Day by day, Bow is a pretty happy fellow. He's safe in his family relationships. He has people who are consistently there for him, and he enjoys good food. Here is Bow eating an avocado at lunch yesterday.


However, I am not unaware that some things still have to be taken care of in order for Bow's life to be fully, completely whole: he needs a place in a social group and he needs a mate or mates. He no longer asks specifically for a girlfriend, and he seems pretty happy with his lot, but I am not oblivious to the issue.

Every once in a while, someone from a sanctuary contacts me, ostensibly because they are concerned about Bow's well-being. At first, when this used to happen, I was hopeful that maybe they would be willing to send  someone of his own kind to keep company with Bow, whether temporarily or permanently. But with time I learned to understand the social reality: they are not calling to give me a chimp. They want to take one away from me.

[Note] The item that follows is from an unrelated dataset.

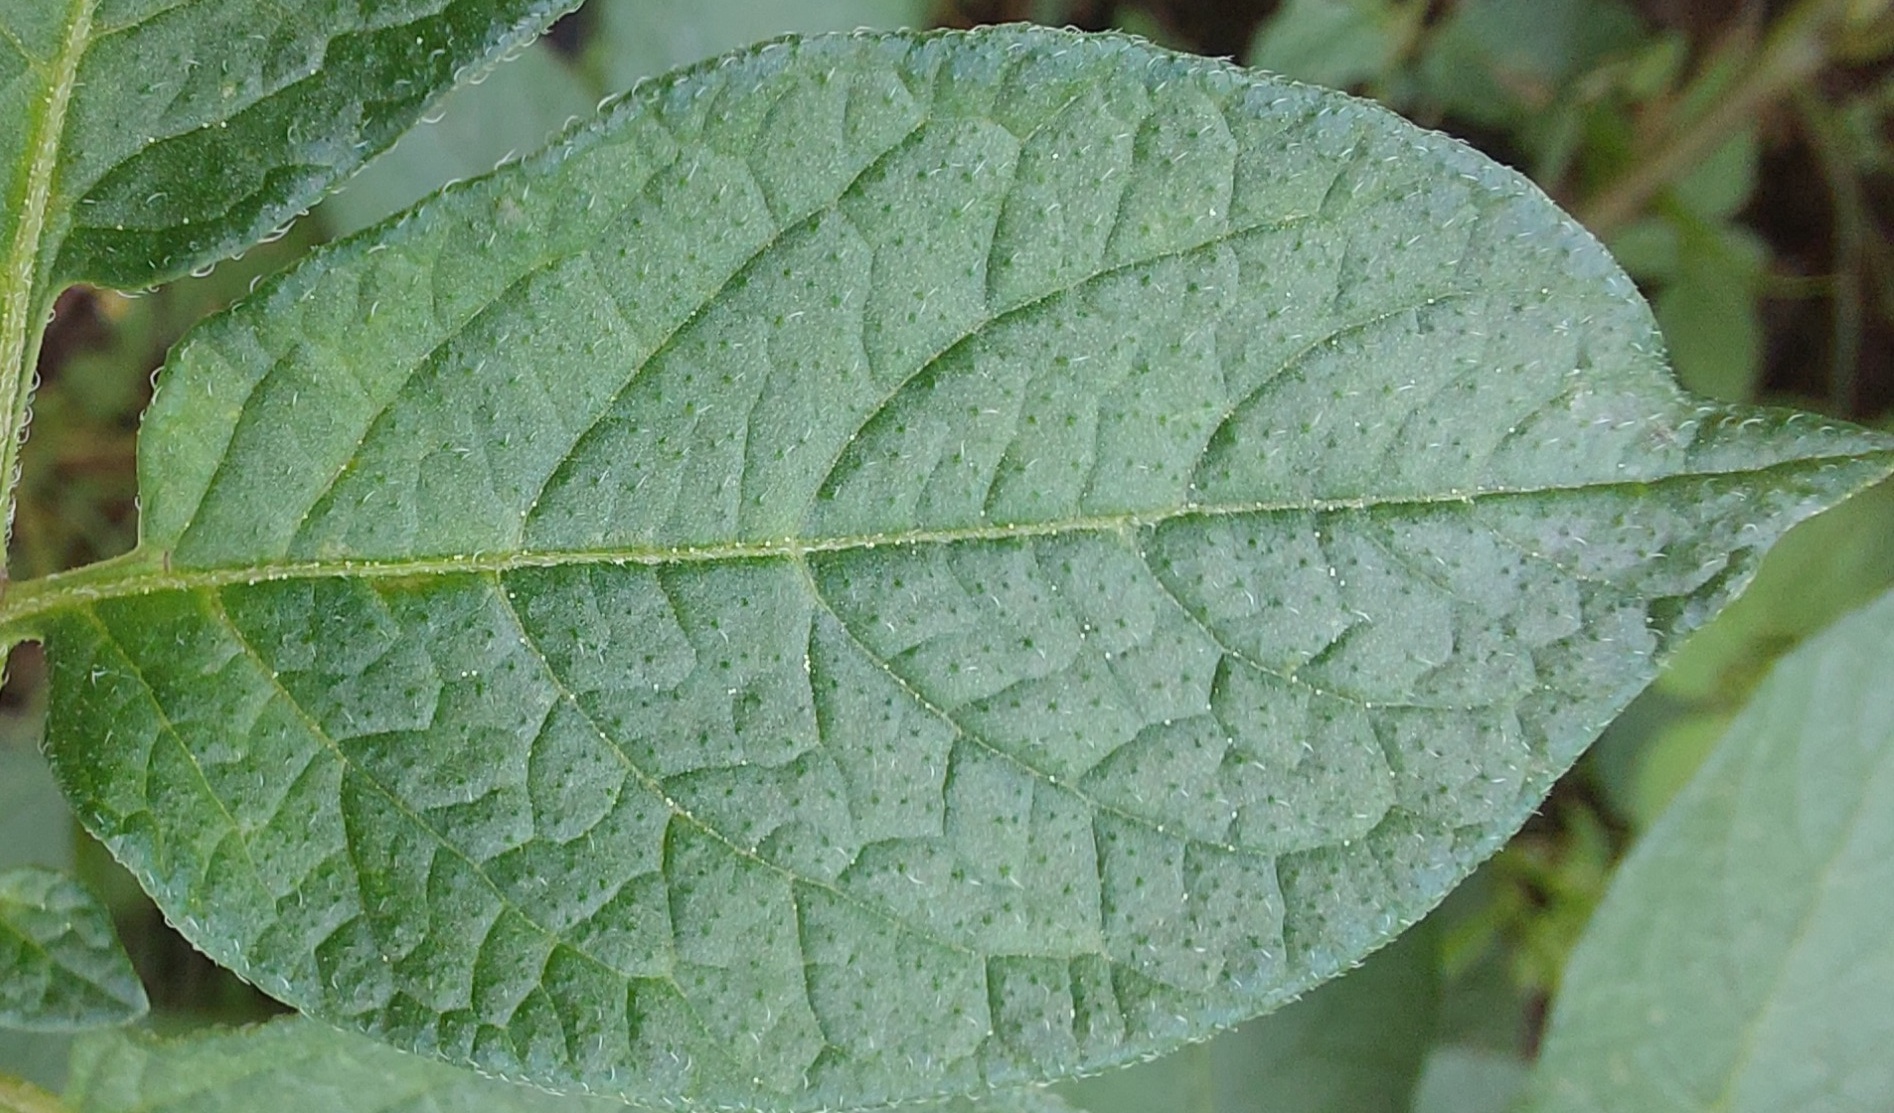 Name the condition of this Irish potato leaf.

healthy

American sanctuaries for chimpanzees do not allow them to breed. Their purpose is to warehouse what they consider to be a "surplus' chimpanzee population until such time as the last of them dies out, of old age. That they do this in the name of humane treatment is disturbing. That they think of themselves as conservationists is absurd.



My attitude to this question is very different from that of my predecessors in ape language research. Typically, the researchers were people who looked at their research subjects as disposable after the experiment was over. Herbert Terrace had little compunction about returning Nim to the Lemmon Farm, and neither did the Gardners with Washoe. These were ape language researchers who relied heavily on others to raise the chimpanzee in their experiment and did not take on a parental role to their charge.

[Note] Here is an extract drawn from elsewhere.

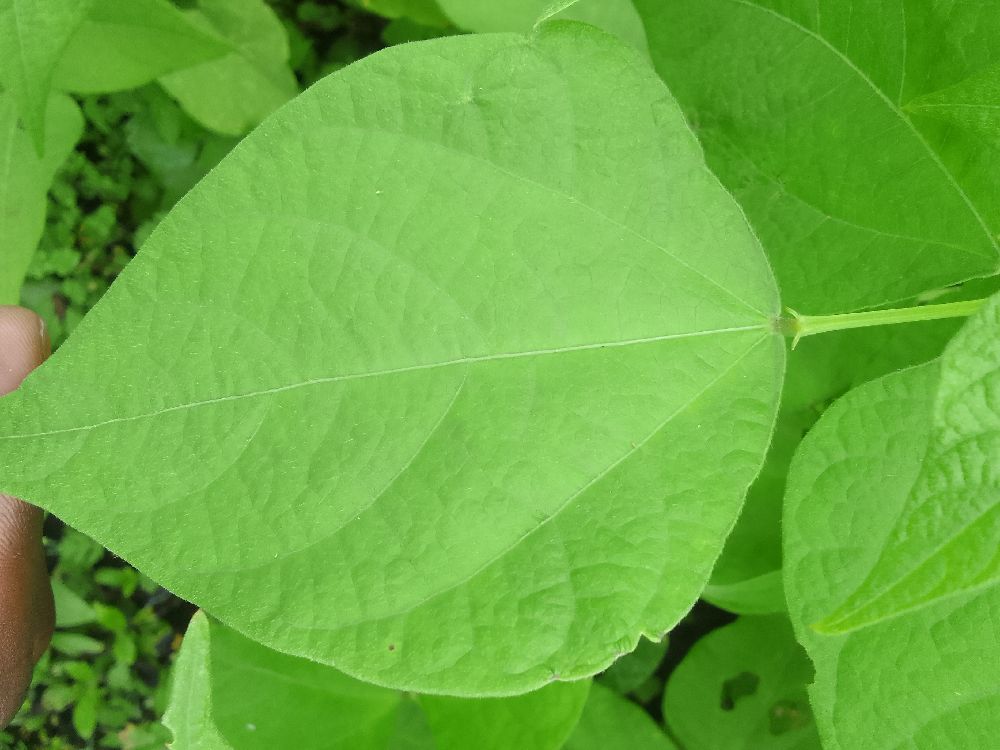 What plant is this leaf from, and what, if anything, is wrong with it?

common bean, healthy
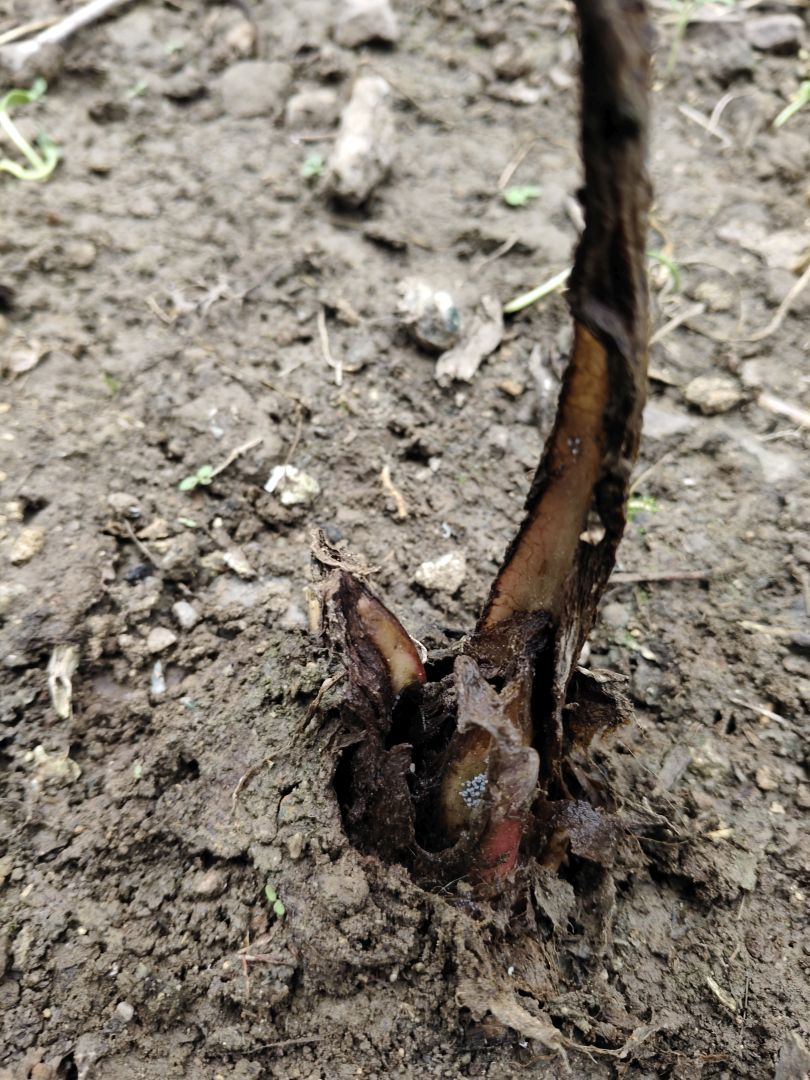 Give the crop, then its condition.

taro, root rot

Typically, the people who really cared about the chimpanzee in question, Roger Fouts with Washoe or Robert Ingersoll with Nim, were not as into the language research. They simply enjoyed the company of chimpanzees, had good rapport with them, and were chosen to work with the chimpanzee for that reason. Later, when they saw how much damage was done to Nim and Washoe by their abandonment, these people were converted from researchers to conservationists. They began to argue that nobody should work with chimpanzees on language again, because it is inhumane.

What was done to Washoe and Nim was inhumane, but not because of the language part. It was wrong to take a child -- any child -- and to adopt and then discard, as if they were only so much equipment once the experiment was over.

My relationship to Bow and to the research is different. Of course, I want my research published. It is a very big breakthrough. But I also care personally about Bow. I am not abandoning him just because he is not a source of funding for me. At the same time, I do see that he needs more than what he currently has. And what I want for him is not only right for him as an individual -- but also is what is the best possible hope for all chimpanzee kind.

When we read about Nim and Washoe, in the books written from the perspective of the Jane Goodall Foundation -- and let's face it, all the recent books have that bias -- we are taught to look down on the researcher, to root for his conservationist lowly assistant, and to despise and loathe as if he were a demon the breeder who made the experiment possible in the first place. We read about the horrors of the Lemmon Farm, and we conveniently forget that if not for the Lemmon Farm,  Nim would never have even existed and Washoe would not have had a place to go. Nim was not stolen from Africa. He was made in America. Washoe, though African born, was given an opportunity to become a mother on the Lemmon Farm. That the Lemmon Farm was a less than ideal place is unfortunate. But this should not cause us to vilify all breeders.

By all means, let us support true conservationist efforts in Africa, to the extent that they allow chimpanzees to live free. But this does not require us to forget American chimpanzees and their right to full lives and to a future in this country, living among humans.